■ Work order ■
Your copy should match the records exactly, apart from the pictures, which stay out.

Task data: Begin

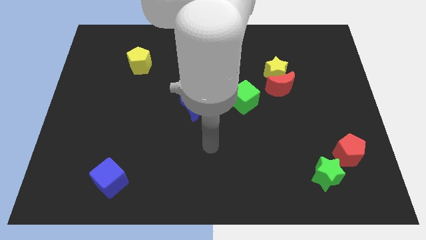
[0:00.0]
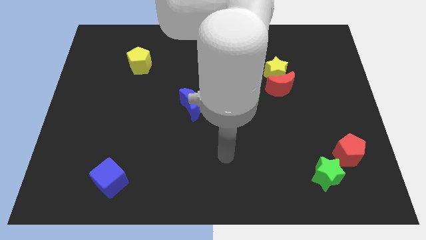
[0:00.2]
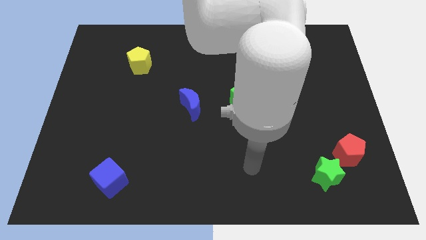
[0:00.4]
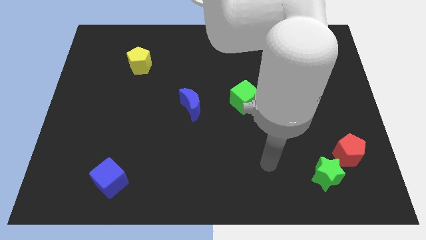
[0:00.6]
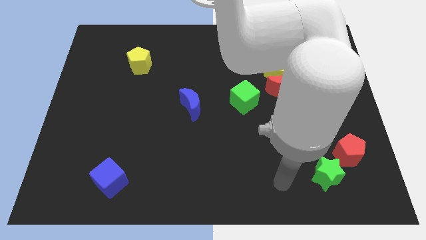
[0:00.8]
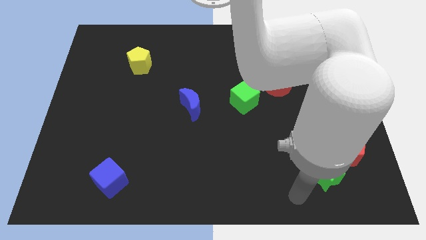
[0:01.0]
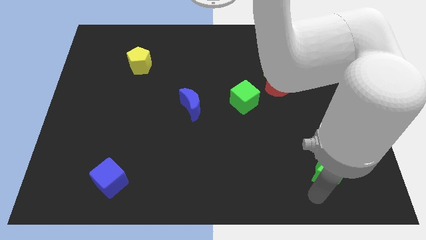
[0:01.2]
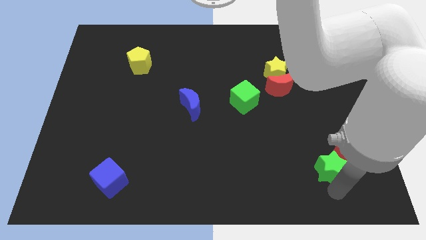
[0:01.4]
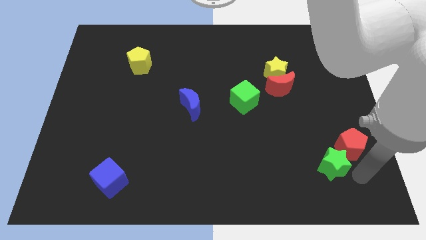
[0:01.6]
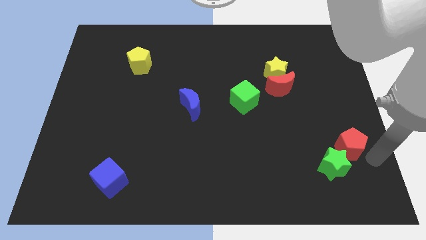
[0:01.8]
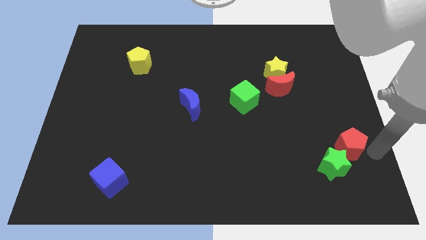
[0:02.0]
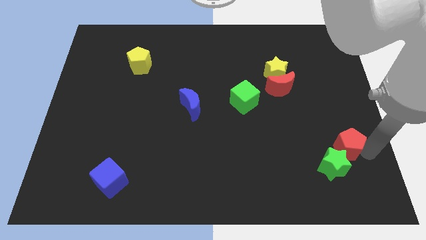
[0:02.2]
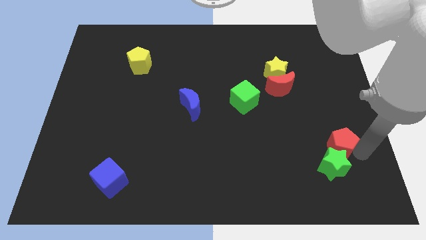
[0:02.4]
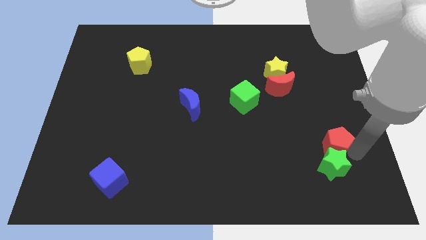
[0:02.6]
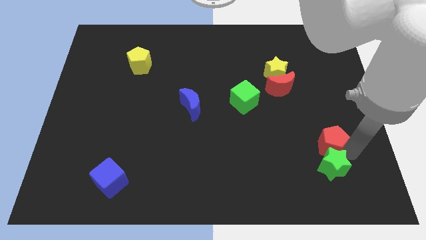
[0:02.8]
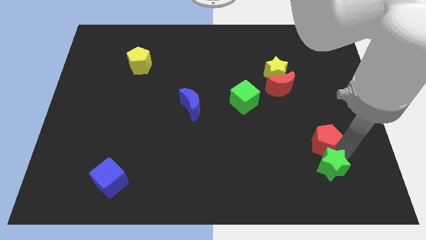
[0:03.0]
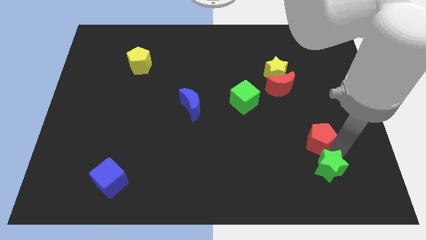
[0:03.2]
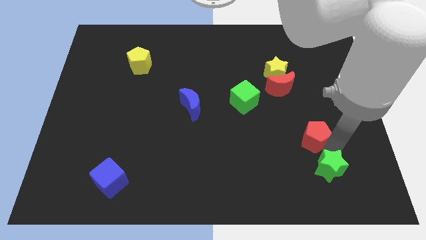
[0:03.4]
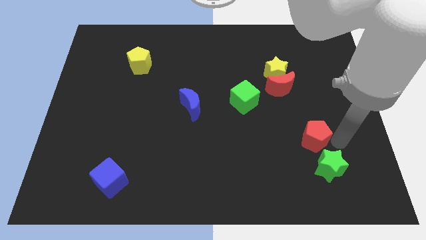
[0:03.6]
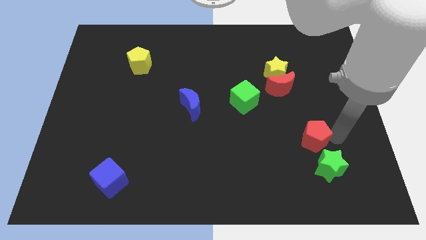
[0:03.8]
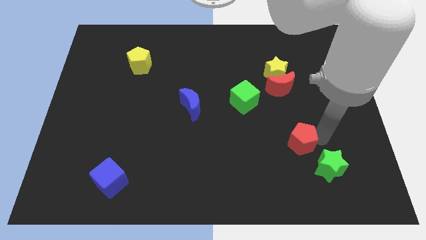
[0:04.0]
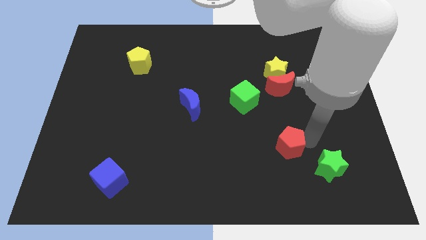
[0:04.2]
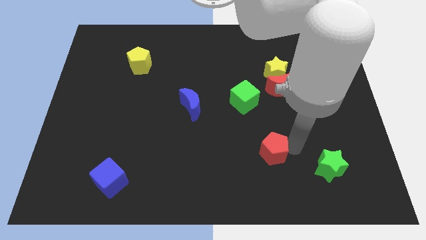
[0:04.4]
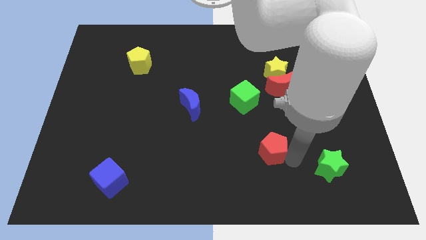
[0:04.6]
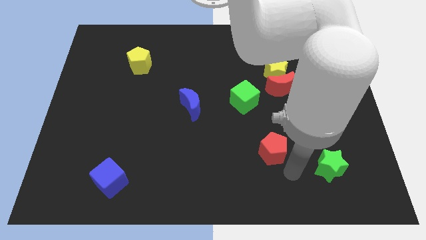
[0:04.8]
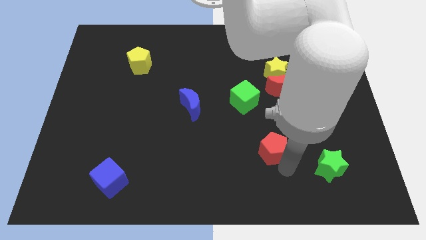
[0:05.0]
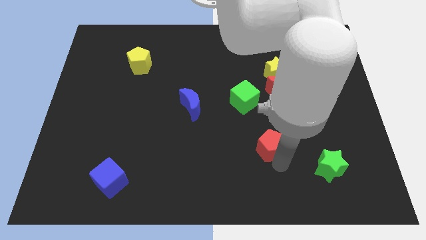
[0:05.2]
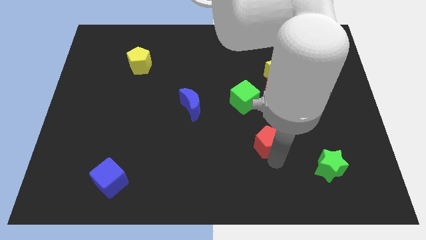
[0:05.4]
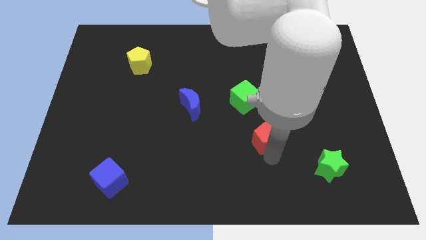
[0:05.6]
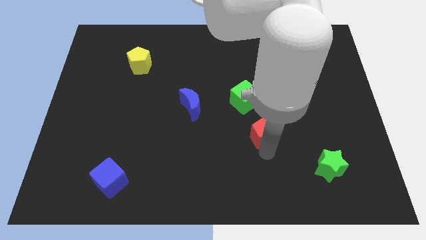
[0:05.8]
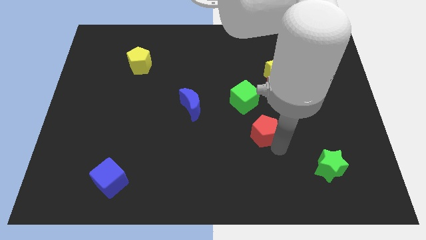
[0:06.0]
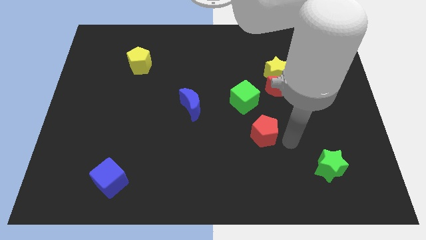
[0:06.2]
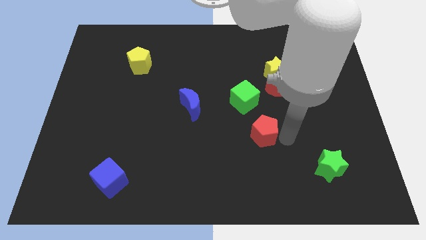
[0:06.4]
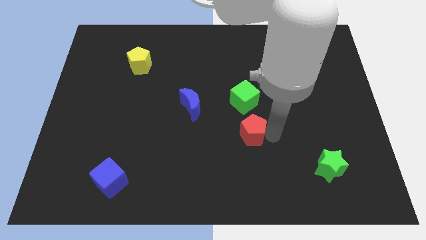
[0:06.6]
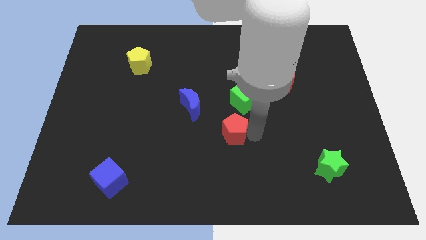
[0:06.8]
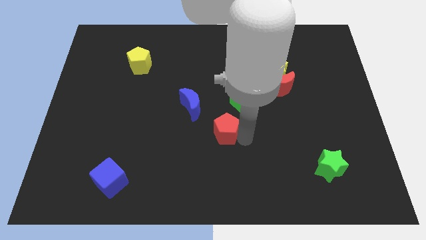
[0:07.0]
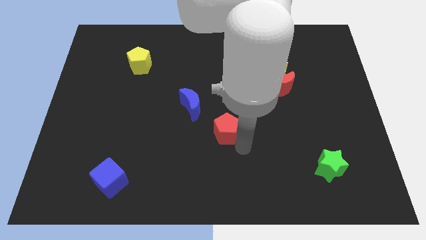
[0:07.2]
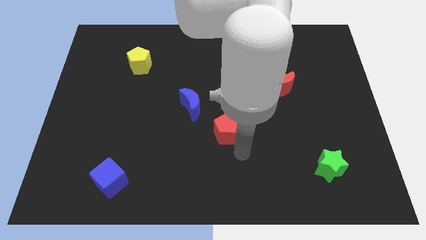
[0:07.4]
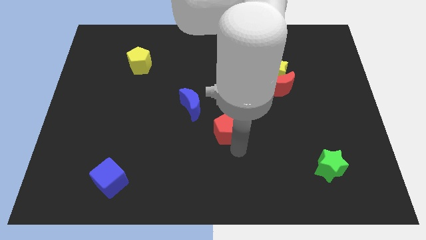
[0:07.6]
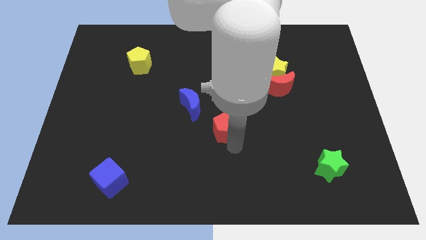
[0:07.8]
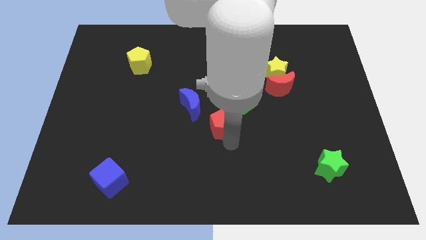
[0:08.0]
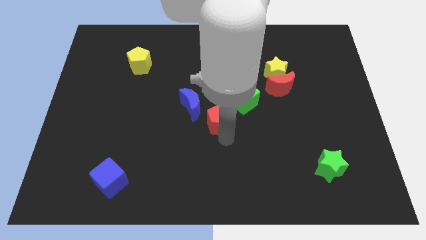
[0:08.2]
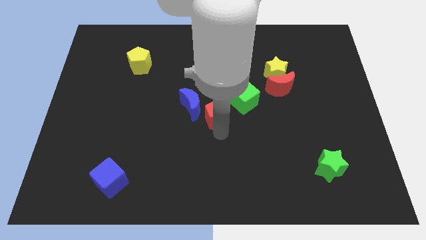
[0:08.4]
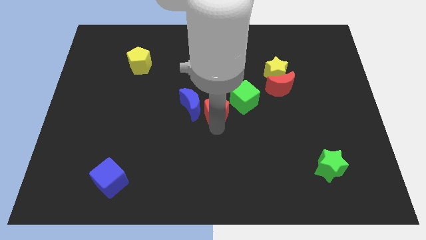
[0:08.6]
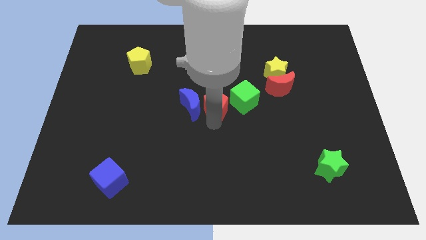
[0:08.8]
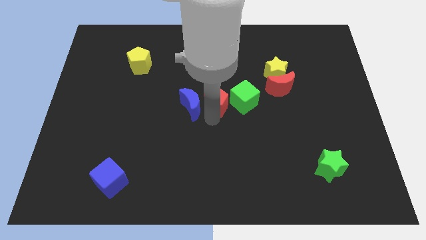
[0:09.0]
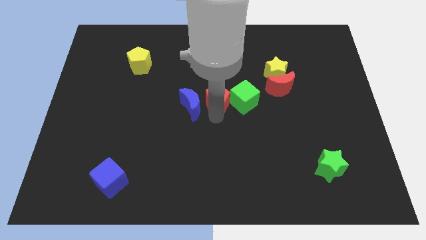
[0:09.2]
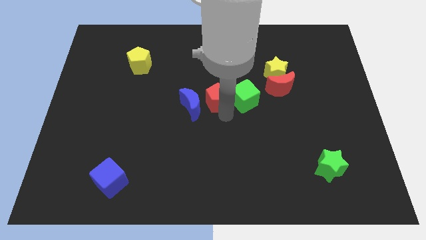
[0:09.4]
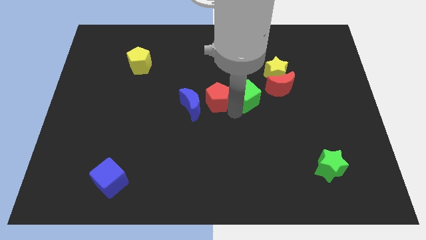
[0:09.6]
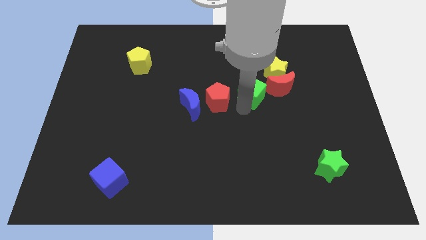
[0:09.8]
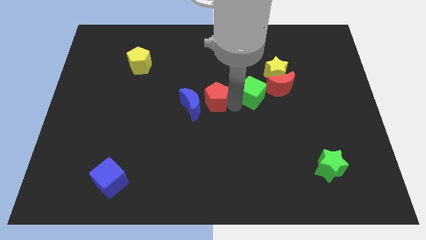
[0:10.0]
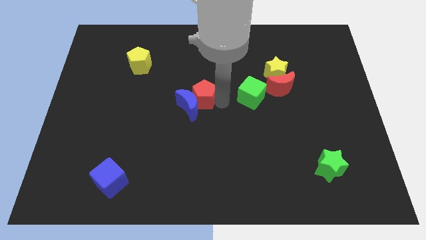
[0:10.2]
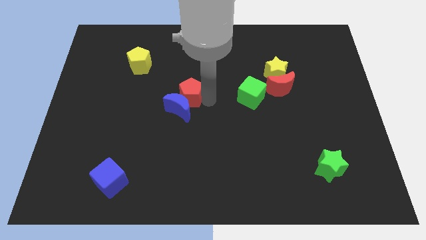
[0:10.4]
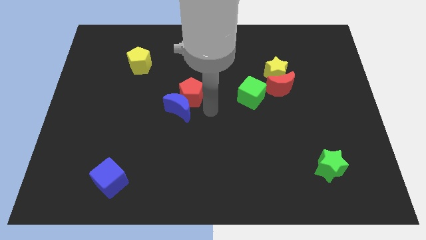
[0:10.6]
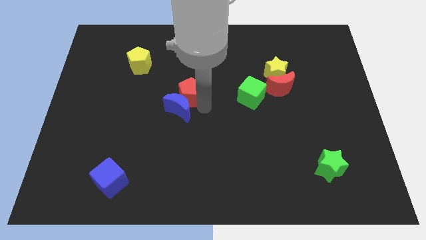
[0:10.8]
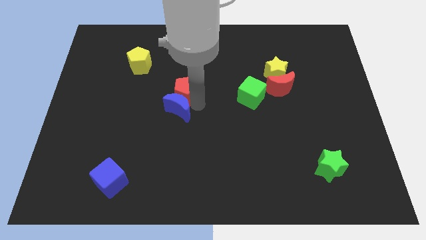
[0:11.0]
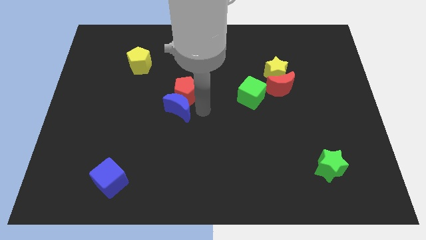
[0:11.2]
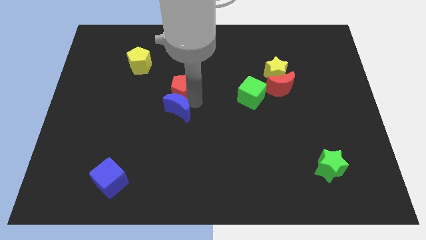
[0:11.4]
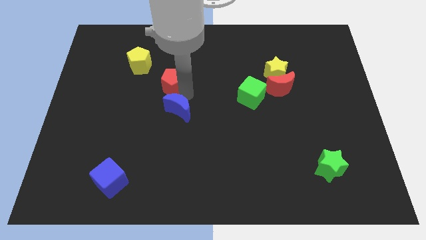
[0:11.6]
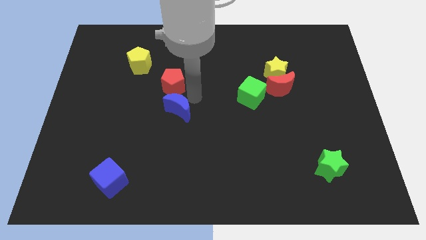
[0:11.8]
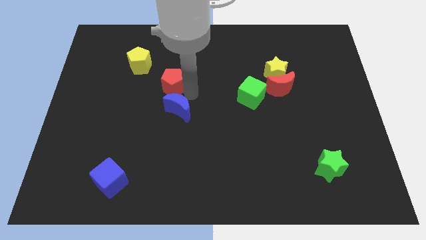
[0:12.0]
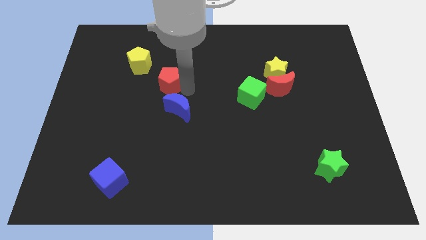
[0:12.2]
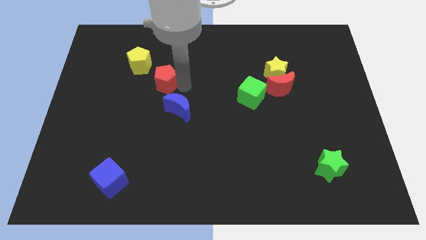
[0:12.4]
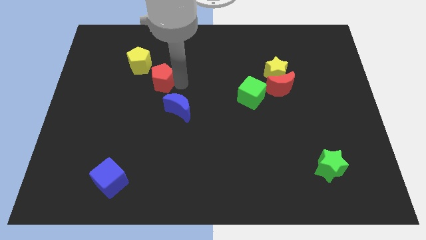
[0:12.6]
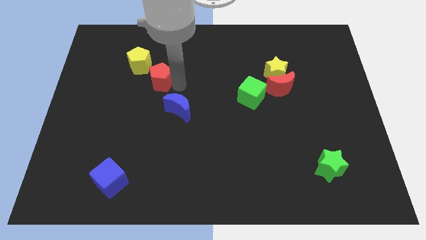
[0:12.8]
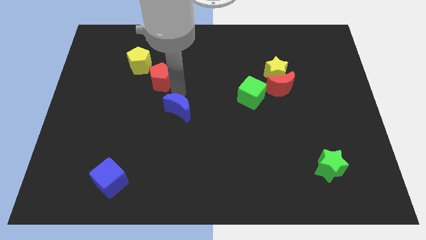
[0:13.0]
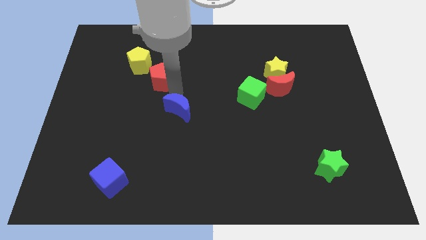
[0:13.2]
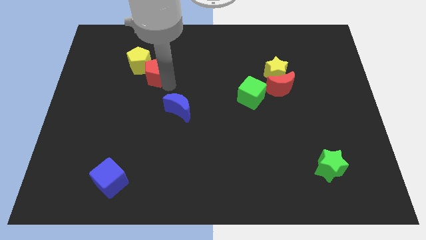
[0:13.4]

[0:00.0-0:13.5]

Task data: End

■ Answer box ■
[0:00.0]
[0:00.2]
[0:00.4]
[0:00.6]
[0:00.8]
[0:01.0]
[0:01.2]
[0:01.4]
[0:01.6]
[0:01.8]
[0:02.0]
[0:02.2]
[0:02.4]
[0:02.6]
[0:02.8]
[0:03.0]
[0:03.2]
[0:03.4]
[0:03.6]
[0:03.8]
[0:04.0]
[0:04.2]
[0:04.4]
[0:04.6]
[0:04.8]
[0:05.0]
[0:05.2]
[0:05.4]
[0:05.6]
[0:05.8]
[0:06.0]
[0:06.2]
[0:06.4]
[0:06.6]
[0:06.8]
[0:07.0]
[0:07.2]
[0:07.4]
[0:07.6]
[0:07.8]
[0:08.0]
[0:08.2]
[0:08.4]
[0:08.6]
[0:08.8]
[0:09.0]
[0:09.2]
[0:09.4]
[0:09.6]
[0:09.8]
[0:10.0]
[0:10.2]
[0:10.4]
[0:10.6]
[0:10.8]
[0:11.0]
[0:11.2]
[0:11.4]
[0:11.6]
[0:11.8]
[0:12.0]
[0:12.2]
[0:12.4]
[0:12.6]
[0:12.8]
[0:13.0]
[0:13.2]
[0:13.4]

[0:00.0-0:13.5]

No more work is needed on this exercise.